Task brief
Please filter the entries for the word "small" and copy every line that has it.

Stored items from a collection

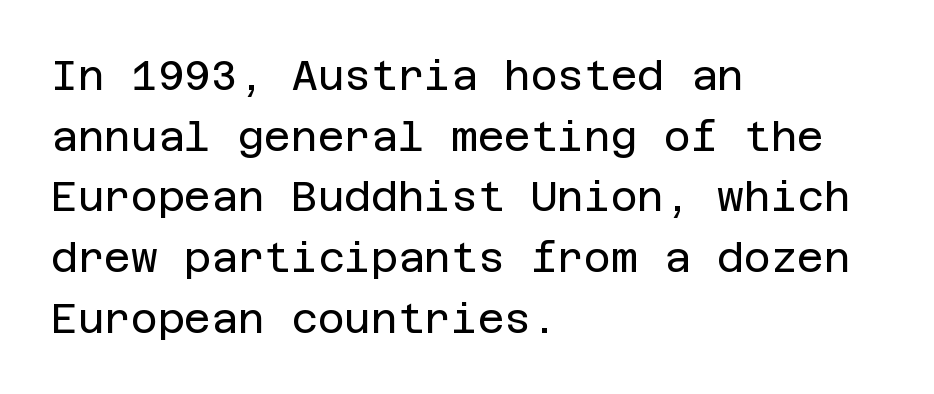
Q: Is the text bold? A: No.
Q: Is the text italic (slanted)? A: No, it is upright.
Q: Is the typeface a serif or a sans-serif typeface? A: Sans-serif.
Q: Is the text underlined? A: No.
Q: How is the paragraph aligned? A: Left-aligned.
Q: Is the spacing between letters normal or unusually wide? A: Normal.
Q: Is the spacing between lines tight, normal or loose? A: Normal.
Q: Width (condensed, normal, or wide)? A: Normal.
Q: Stroke contrast? A: Low.
Q: x-height? A: Large.
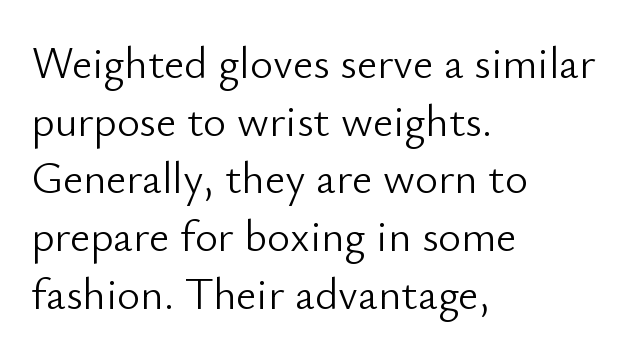
The image shows 44 px light sans-serif type, upright; set left-aligned, normal line spacing (1.31x), normal letter spacing, not underlined; low stroke contrast and a small x-height.
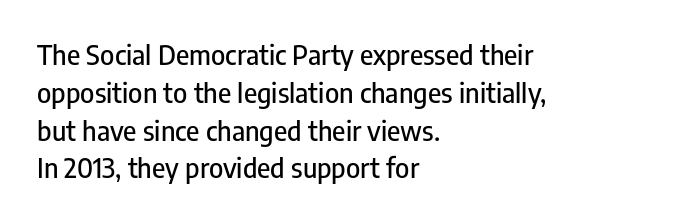
Q: Is the text italic (slanted)? A: No, it is upright.
Q: Is the text underlined? A: No.
Q: How is the paragraph aligned? A: Left-aligned.
Q: Is the spacing between letters normal or unusually wide? A: Normal.
Q: Is the spacing between lines tight, normal or loose? A: Normal.
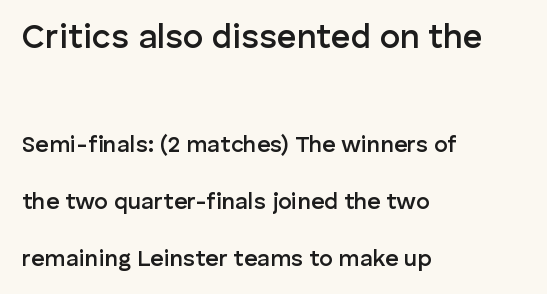
{"serif": "no", "italic": "no", "bold": "semi", "weight": "semibold", "width": "normal", "stroke_contrast": "low", "x_height": "medium", "monospaced": "no", "underline": "no", "align": "left", "line_spacing": "loose", "line_spacing_ratio": 2.48, "letter_spacing": "normal", "letter_spacing_em": 0.0, "larger_block": "first", "size_ratio": 1.48, "glyph_px": 34}
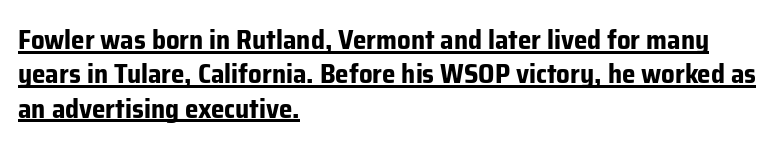
Q: Is the text bold? A: Yes.
Q: Is the text italic (slanted)? A: No, it is upright.
Q: Is the text underlined? A: Yes.
Q: How is the paragraph aligned? A: Left-aligned.
Q: Is the spacing between letters normal or unusually wide? A: Normal.
Q: Is the spacing between lines tight, normal or loose? A: Normal.
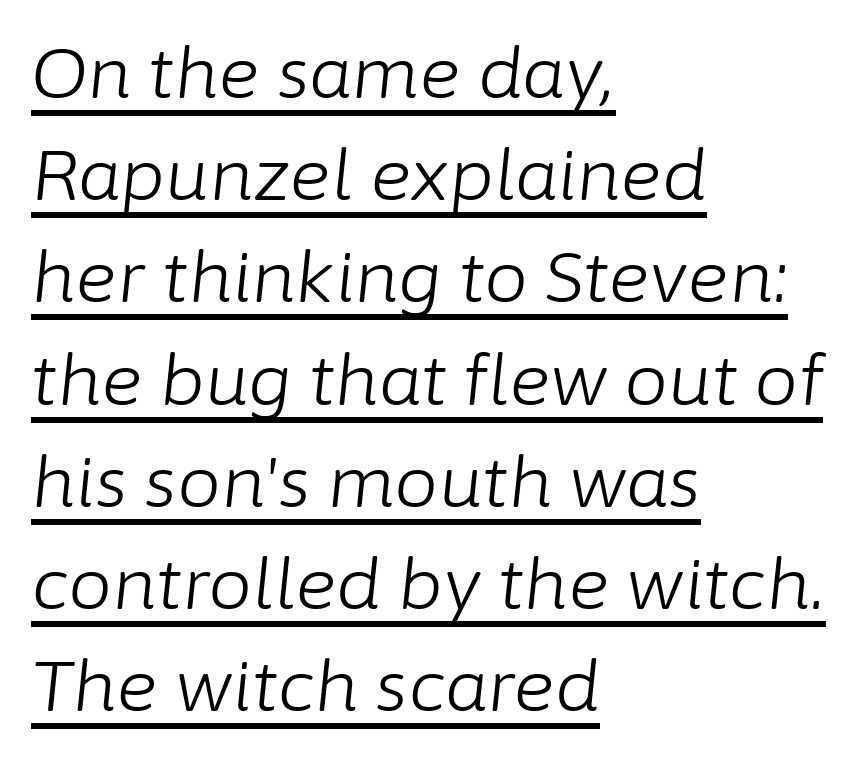
{"italic": "yes", "lean": "right", "slant_degrees": 6, "bold": "no", "weight": "light", "width": "normal", "stroke_contrast": "low", "x_height": "medium", "monospaced": "no", "underline": "yes", "align": "left", "line_spacing": "normal", "line_spacing_ratio": 1.46, "letter_spacing": "normal", "letter_spacing_em": 0.0, "glyph_px": 70}
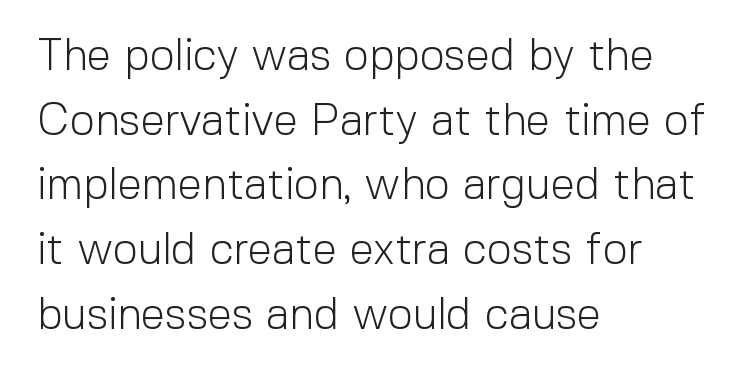
Upright lettering throughout. Normally led — the rows are evenly, conventionally spaced. No extra ink here — the face is not bold. The passage shown is typeset with a sans-serif family.
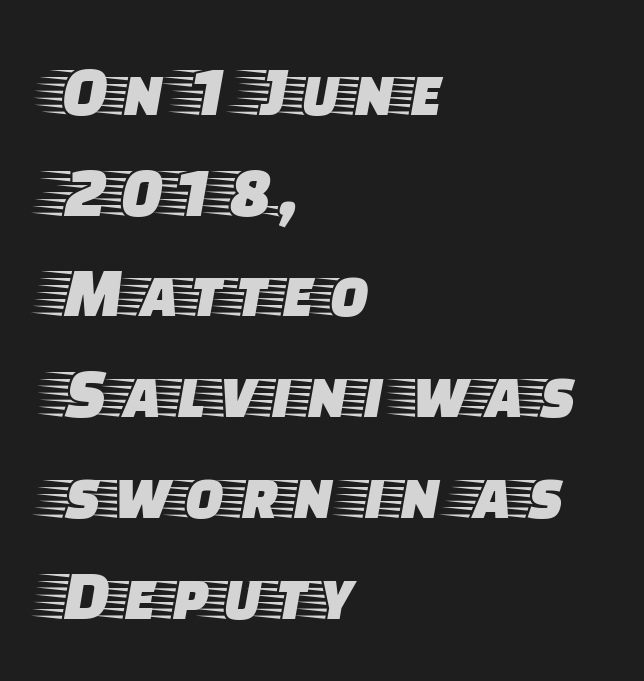
{"serif": "yes", "width": "wide", "stroke_contrast": "low", "x_height": "large", "monospaced": "no", "underline": "no", "align": "left", "line_spacing": "normal", "line_spacing_ratio": 1.38, "letter_spacing": "normal", "letter_spacing_em": 0.0, "glyph_px": 73}
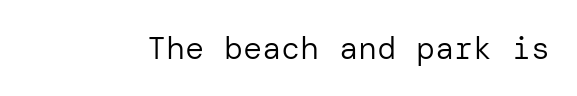
Q: Is the text bold? A: No.
Q: Is the text italic (slanted)? A: No, it is upright.
Q: Is the typeface a serif or a sans-serif typeface? A: Sans-serif.
Q: Is the text underlined? A: No.
Q: Is the spacing between letters normal or unusually wide? A: Normal.
Q: Width (condensed, normal, or wide)? A: Normal.
Q: Stroke contrast? A: Low.
Q: x-height? A: Medium.
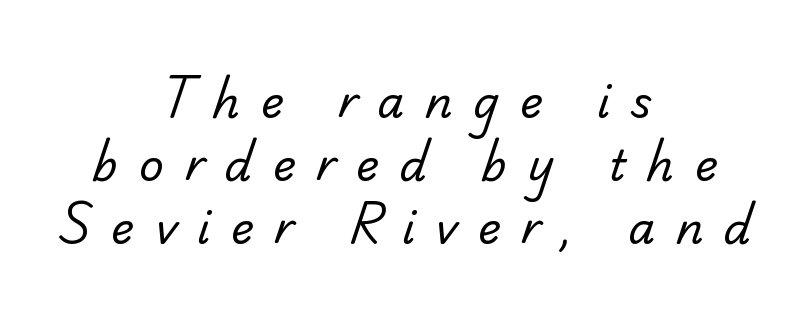
{"serif": "yes", "bold": "no", "weight": "regular", "width": "normal", "stroke_contrast": "low", "x_height": "small", "monospaced": "no", "underline": "no", "align": "center", "line_spacing": "normal", "line_spacing_ratio": 1.47, "letter_spacing": "wide", "letter_spacing_em": 0.48, "glyph_px": 43}

Response
The image shows 44 px light sans-serif type, upright; set left-aligned, normal line spacing (1.31x), normal letter spacing, not underlined; low stroke contrast and a small x-height.
{"serif": "yes", "bold": "no", "weight": "regular", "width": "normal", "stroke_contrast": "low", "x_height": "small", "monospaced": "no", "underline": "no", "align": "center", "line_spacing": "normal", "line_spacing_ratio": 1.47, "letter_spacing": "wide", "letter_spacing_em": 0.48, "glyph_px": 43}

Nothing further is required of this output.